══ Exercise inputs

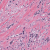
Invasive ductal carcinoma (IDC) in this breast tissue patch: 1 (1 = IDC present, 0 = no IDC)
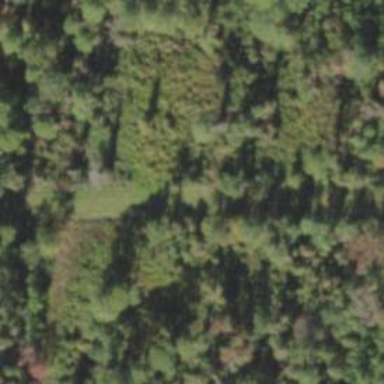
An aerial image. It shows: Woodland with needle-leaved trees.
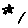
Label: star
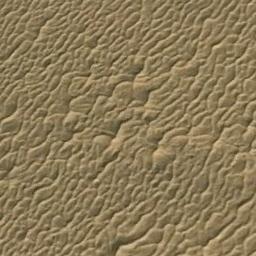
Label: desert
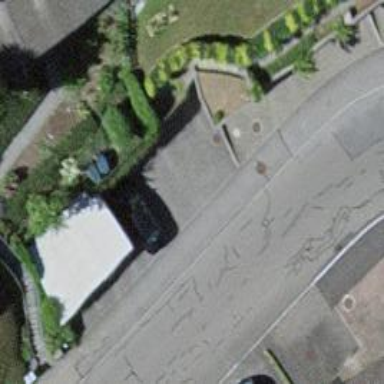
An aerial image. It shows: Sidewalk along the footway.
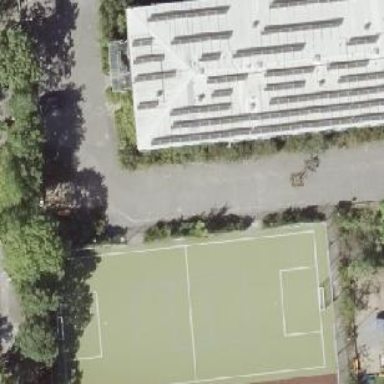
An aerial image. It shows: Soccer pitch for leisure land activities.
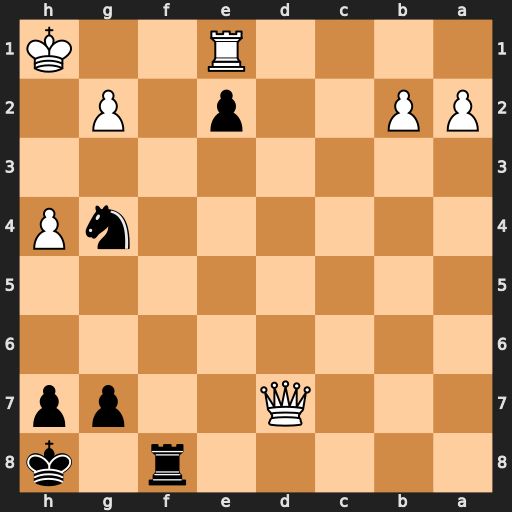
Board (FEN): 5r1k/3Q2pp/8/8/6nP/8/PP2p1P1/4R2K
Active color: b
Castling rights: -
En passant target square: -
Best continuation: Rf1+ Rxf1 exf1=Q#
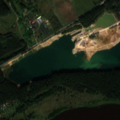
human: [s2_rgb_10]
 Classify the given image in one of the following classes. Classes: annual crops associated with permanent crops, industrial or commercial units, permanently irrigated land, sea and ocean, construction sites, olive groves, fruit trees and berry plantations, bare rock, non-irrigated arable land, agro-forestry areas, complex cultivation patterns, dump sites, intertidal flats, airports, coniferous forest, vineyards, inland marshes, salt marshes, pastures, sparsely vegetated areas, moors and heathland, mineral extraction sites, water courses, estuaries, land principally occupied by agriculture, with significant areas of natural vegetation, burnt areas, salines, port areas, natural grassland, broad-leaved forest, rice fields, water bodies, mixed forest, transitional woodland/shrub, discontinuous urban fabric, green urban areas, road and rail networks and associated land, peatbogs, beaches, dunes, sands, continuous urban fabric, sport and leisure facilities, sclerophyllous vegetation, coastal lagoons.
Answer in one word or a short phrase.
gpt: mineral extraction sites, pastures, complex cultivation patterns, coniferous forest, mixed forest, transitional woodland/shrub, water courses, water bodies
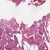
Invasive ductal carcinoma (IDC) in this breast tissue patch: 0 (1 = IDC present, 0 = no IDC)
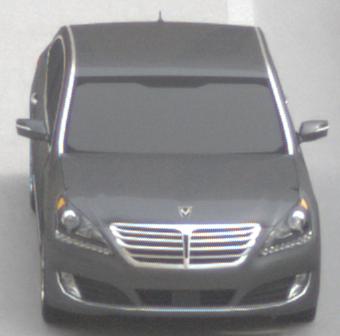
Make: Hyundai
Model: Equus
Detailed model: Gen. 2 VI
Model produced from: 2009
Model produced until: 2016
Doors: 4
Color: gray
Road condition: dry road
Daytime: morning or afternoon
Contrast: low contrast
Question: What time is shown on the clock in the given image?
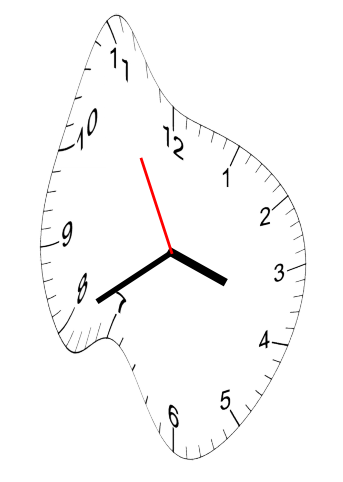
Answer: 03:39:55
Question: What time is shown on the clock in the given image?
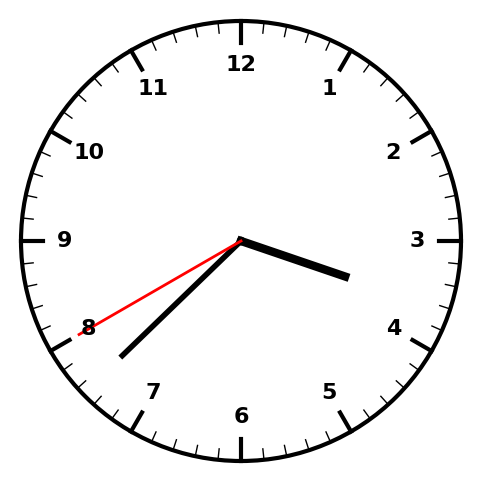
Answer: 03:37:40
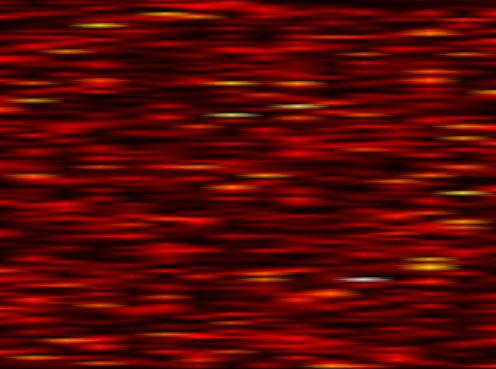
Label: FOFDM
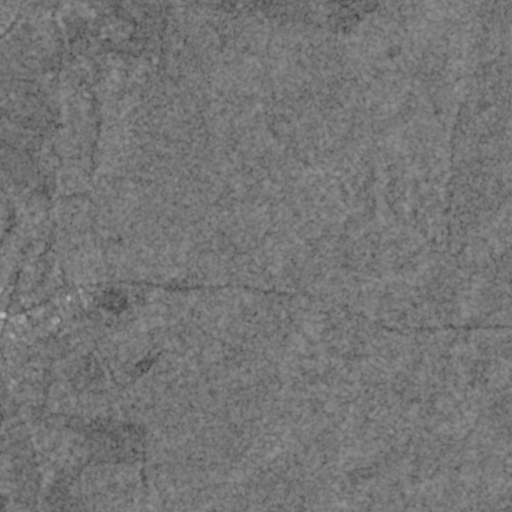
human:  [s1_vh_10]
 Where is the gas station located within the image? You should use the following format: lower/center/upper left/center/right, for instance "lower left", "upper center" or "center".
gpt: The gas station is located in the center left of the image.
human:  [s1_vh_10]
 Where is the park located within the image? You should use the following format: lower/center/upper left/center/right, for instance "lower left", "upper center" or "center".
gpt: The park is located in the lower left of the image.
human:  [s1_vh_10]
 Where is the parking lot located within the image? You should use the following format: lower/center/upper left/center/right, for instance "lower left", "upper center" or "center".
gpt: The parking lot is located in the center left of the image.
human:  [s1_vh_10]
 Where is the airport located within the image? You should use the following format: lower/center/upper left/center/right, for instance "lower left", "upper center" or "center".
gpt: There is no airport in the image.

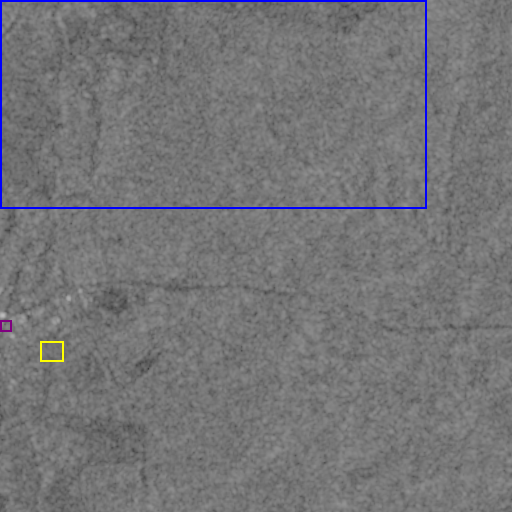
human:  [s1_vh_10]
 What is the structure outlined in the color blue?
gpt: The structure outlined in blue is a crop field.
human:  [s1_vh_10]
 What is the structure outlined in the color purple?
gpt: The structure outlined in purple is a gas station.
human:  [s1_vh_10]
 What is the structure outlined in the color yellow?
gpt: The structure outlined in yellow is a park.
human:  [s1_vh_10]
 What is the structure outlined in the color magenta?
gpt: There is no magenta outline.
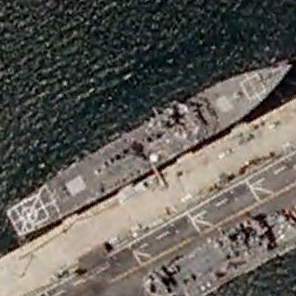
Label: destroyer
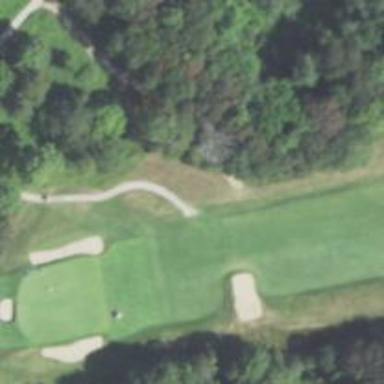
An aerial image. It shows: Path for both roads and golfers.
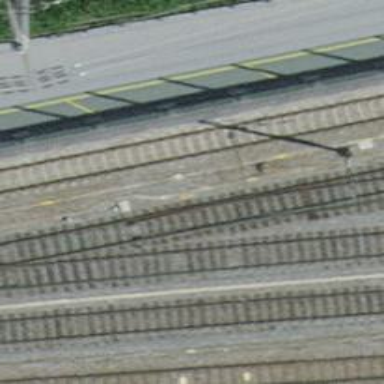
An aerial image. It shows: Railway switch.
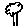
Label: tree
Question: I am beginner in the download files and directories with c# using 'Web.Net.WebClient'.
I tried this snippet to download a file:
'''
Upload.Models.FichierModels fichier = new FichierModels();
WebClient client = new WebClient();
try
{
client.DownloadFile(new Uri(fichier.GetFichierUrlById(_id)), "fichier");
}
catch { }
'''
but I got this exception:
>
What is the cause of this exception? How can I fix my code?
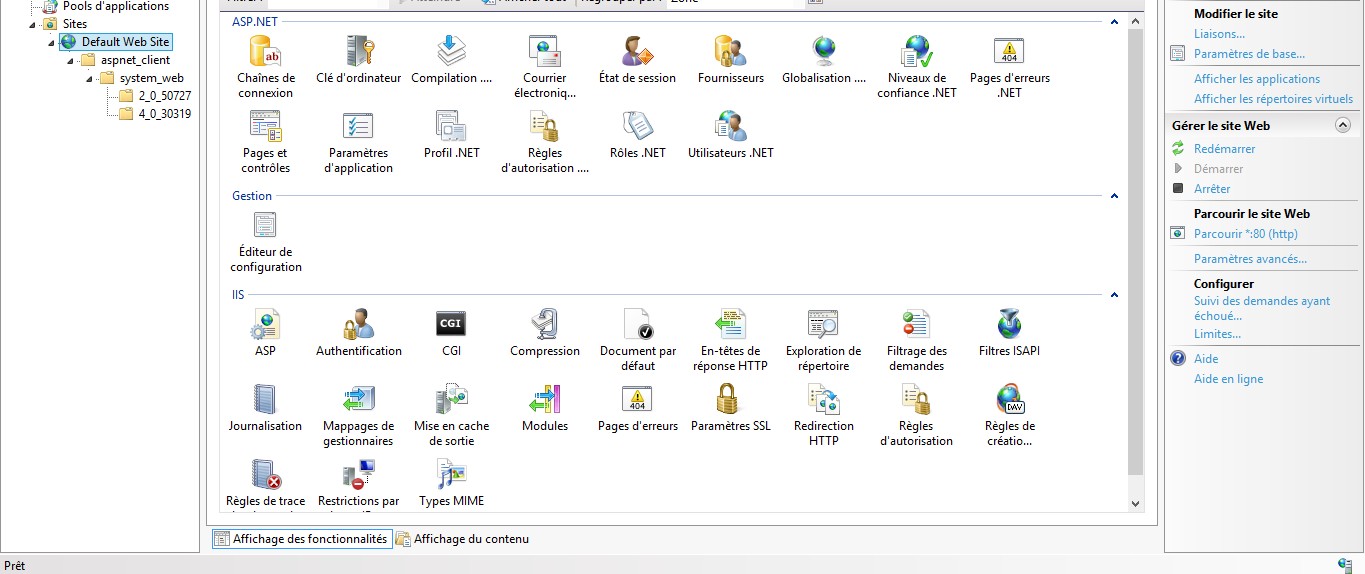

════

Exercise objective | Only the lines starting at the one that holds "gpt: The structure outlined in yellow" and ending at the last line of the data belong in your answer. Please set them down exactly and omit the pictures.

Solution to this task |
gpt: The structure outlined in yellow is a park.
human:  [s1_vh_10]
 What is the structure outlined in the color magenta?
gpt: There is no magenta outline.
Label: destroyer
An aerial image. It shows: Path for both roads and golfers.
An aerial image. It shows: Railway switch.
Label: tree
Question: I am beginner in the download files and directories with c# using 'Web.Net.WebClient'.
I tried this snippet to download a file:
'''
Upload.Models.FichierModels fichier = new FichierModels();
WebClient client = new WebClient();
try
{
client.DownloadFile(new Uri(fichier.GetFichierUrlById(_id)), "fichier");
}
catch { }
'''
but I got this exception:
>
What is the cause of this exception? How can I fix my code?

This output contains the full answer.